I don't think you can really speed this up- you just need to grow some new skin, right? So you might as well be comfortable in the meantime. Do whatever helps.

I personally find that aloe gel feels great for 30 seconds, then dries to a tight, dry sheen, and therefore I prefer commercial moisturizers with some oil in them when I have a sunburn. Wet your skin first (maybe a cool shower, more for the wetting than the washing). Then pat it dry very gently so it's still a bit damp when you apply the moisturizer- that way the lotion will seal in the water, which will feel nicer.

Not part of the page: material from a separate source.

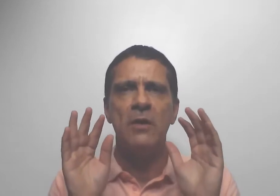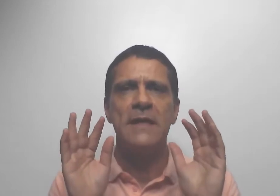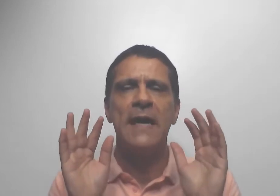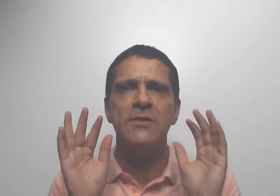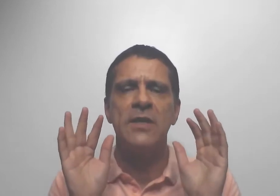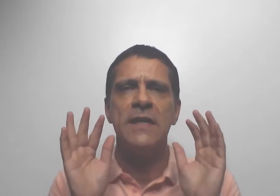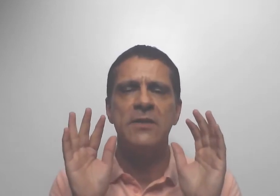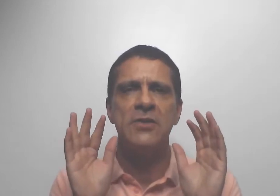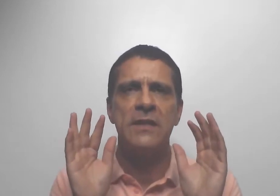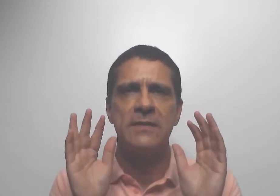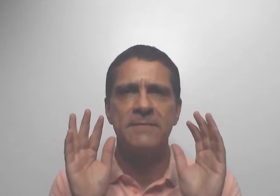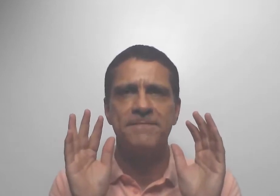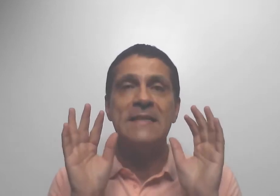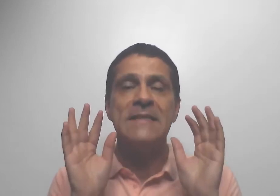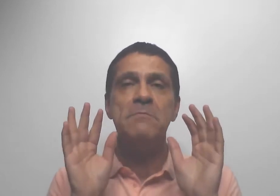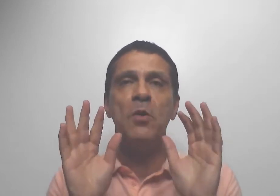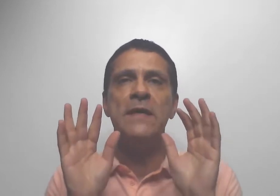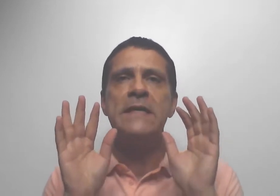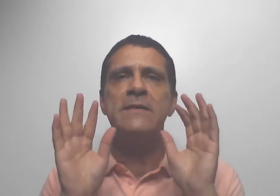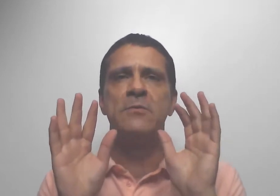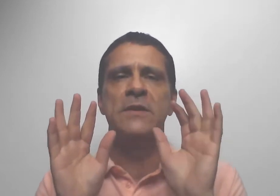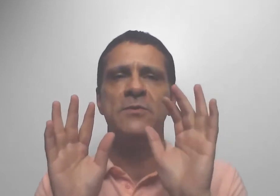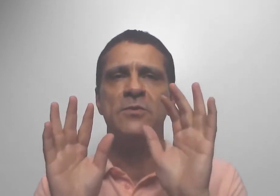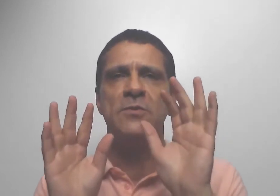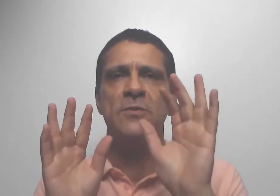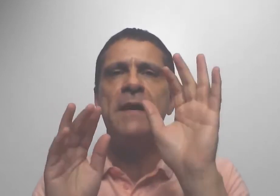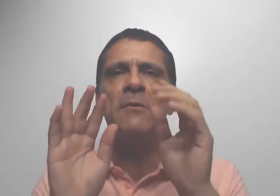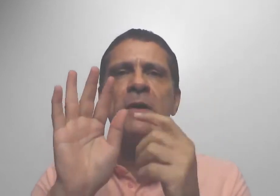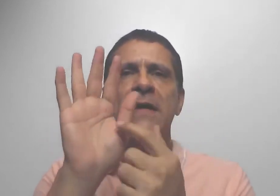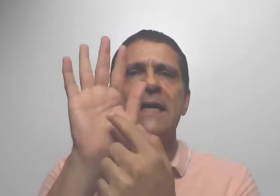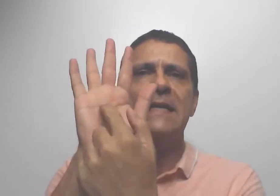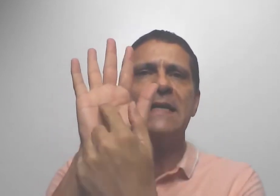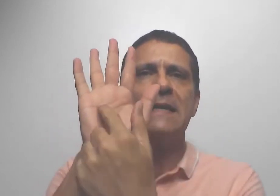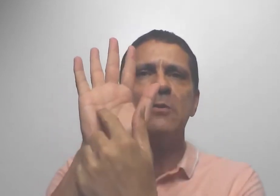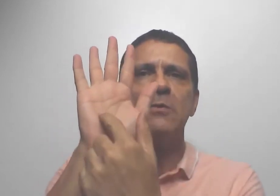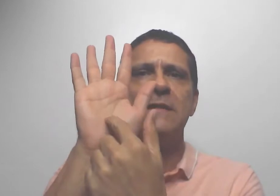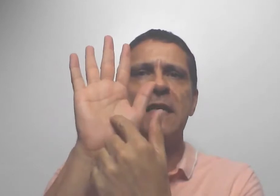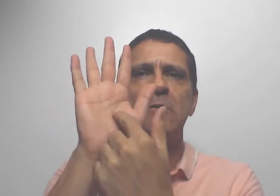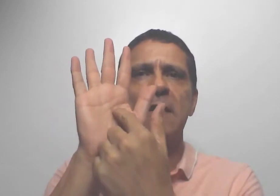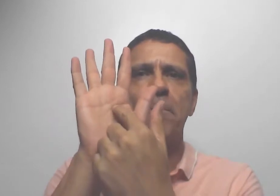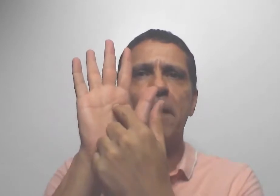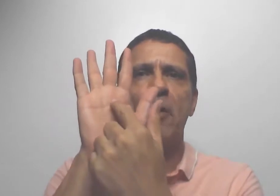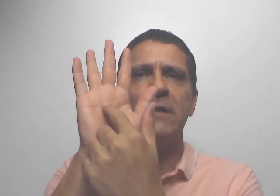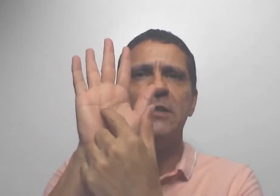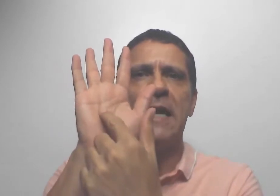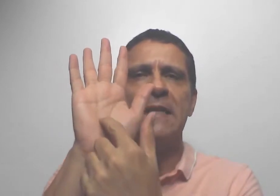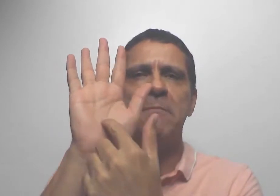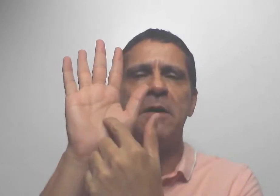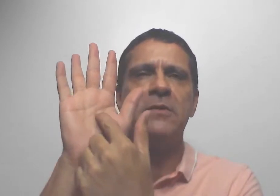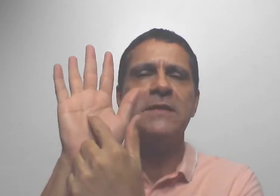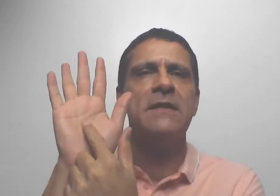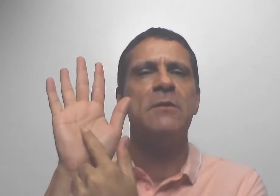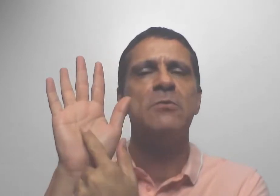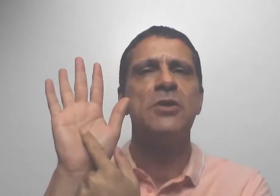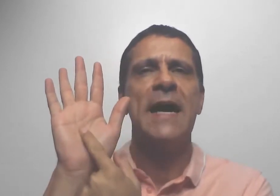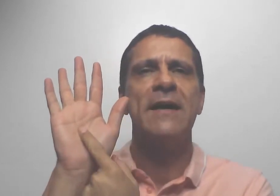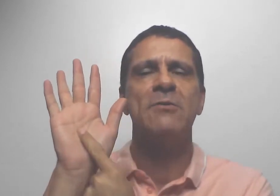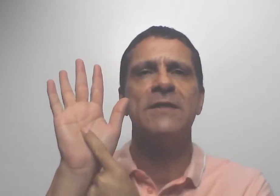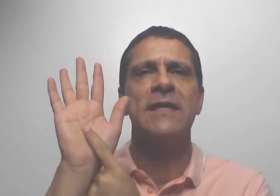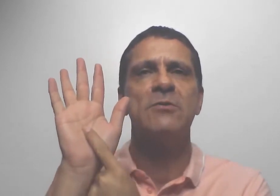portais de energias. Elas simbolizam isso. Primeiro, que no centro da palma de cada mão você tem um chakra, um
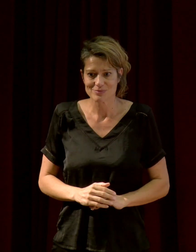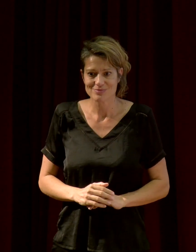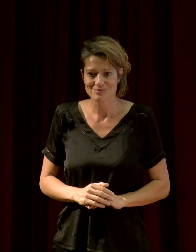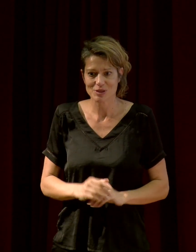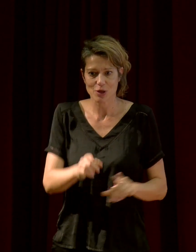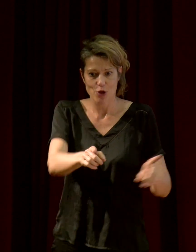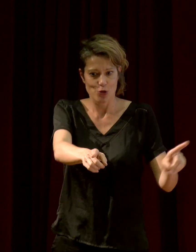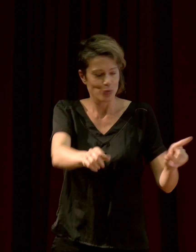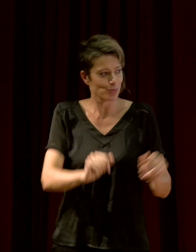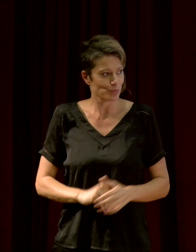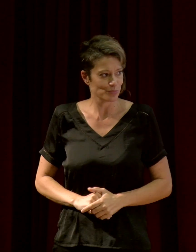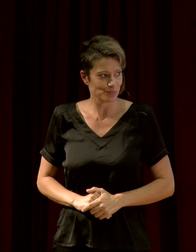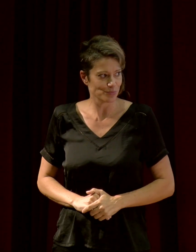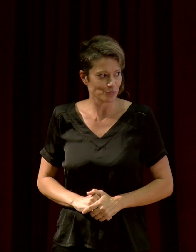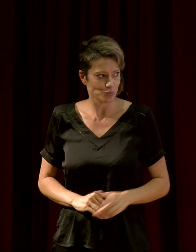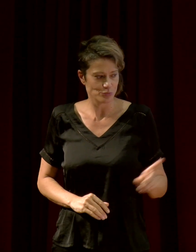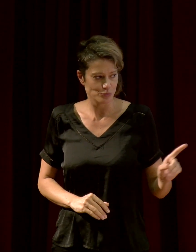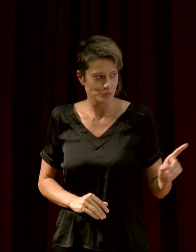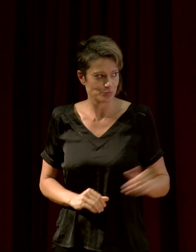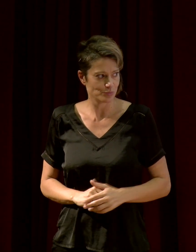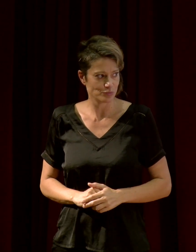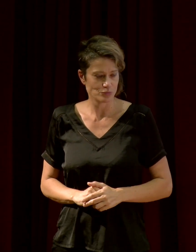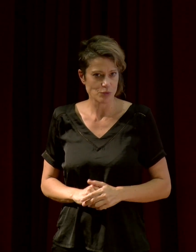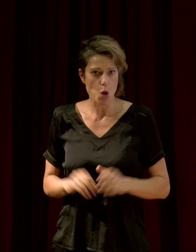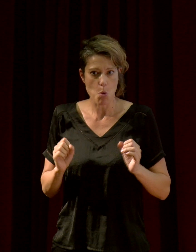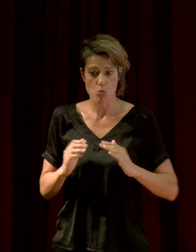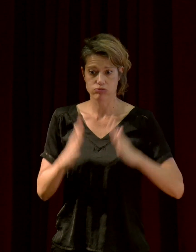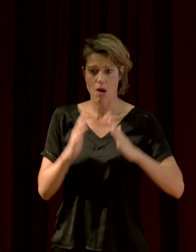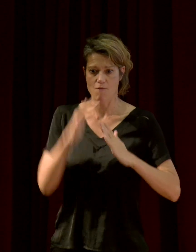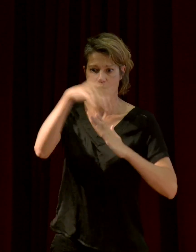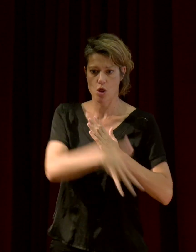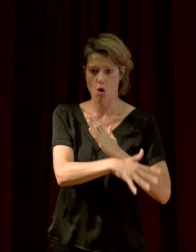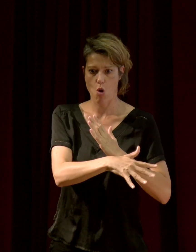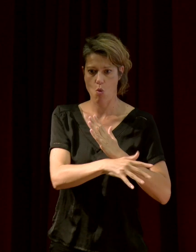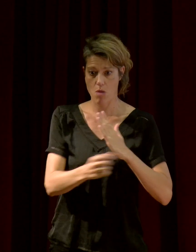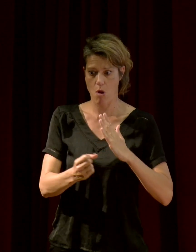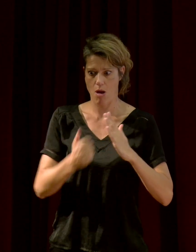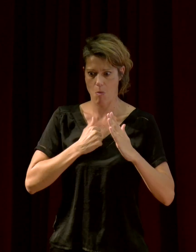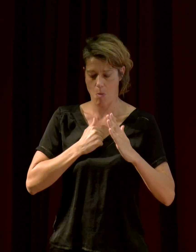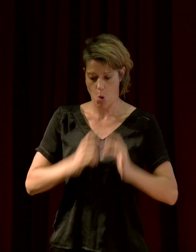Les seuls sons que j'ai perçus physiquement, c'est les sons de volcans. Là, on les ressent.

And drink lots of water and sleep an extra couple hours a night til it's better. Good luck, sunburns suck!
posted by pseudostrabismus at 12:27 PM on December 4, 2008


You can also use one of these to apply lotion to your back.
posted by essexjan at 2:13 PM on December 4, 2008


I'd just like to say that, though mostlymartha's advice to drink would, indeed, dull the pain, it would be a terrible idea for your skin, as alcohol dehydrates you.

Drink lots of water. Consider taking some vitamins, like E and A, both of which are good for the skin.

Also, take oatmeal baths. Gross as hell, but they are really good for your skin.

I'm not a doctor, but I suffered for a couple of years with rather severe psoriasis (before finding light therapy, which pretty well cured me), so I know dry, cracked skin from sunburns and much else.